* _INPUT_:
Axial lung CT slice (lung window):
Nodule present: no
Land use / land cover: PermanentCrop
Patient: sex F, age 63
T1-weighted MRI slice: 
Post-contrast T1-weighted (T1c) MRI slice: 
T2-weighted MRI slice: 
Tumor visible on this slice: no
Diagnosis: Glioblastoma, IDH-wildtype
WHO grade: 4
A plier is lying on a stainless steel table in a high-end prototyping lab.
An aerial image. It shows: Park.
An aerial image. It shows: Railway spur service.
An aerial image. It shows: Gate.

* _WHAT THE TASK ASKS_: Everything from the line containing "Nodule present: no" through the final line above must be copied exactly, with both ends kept.

* _SOLUTION TO THE EXERCISE_:
Nodule present: no
Land use / land cover: PermanentCrop
Patient: sex F, age 63
T1-weighted MRI slice: 
Post-contrast T1-weighted (T1c) MRI slice: 
T2-weighted MRI slice: 
Tumor visible on this slice: no
Diagnosis: Glioblastoma, IDH-wildtype
WHO grade: 4
A plier is lying on a stainless steel table in a high-end prototyping lab.
An aerial image. It shows: Park.
An aerial image. It shows: Railway spur service.
An aerial image. It shows: Gate.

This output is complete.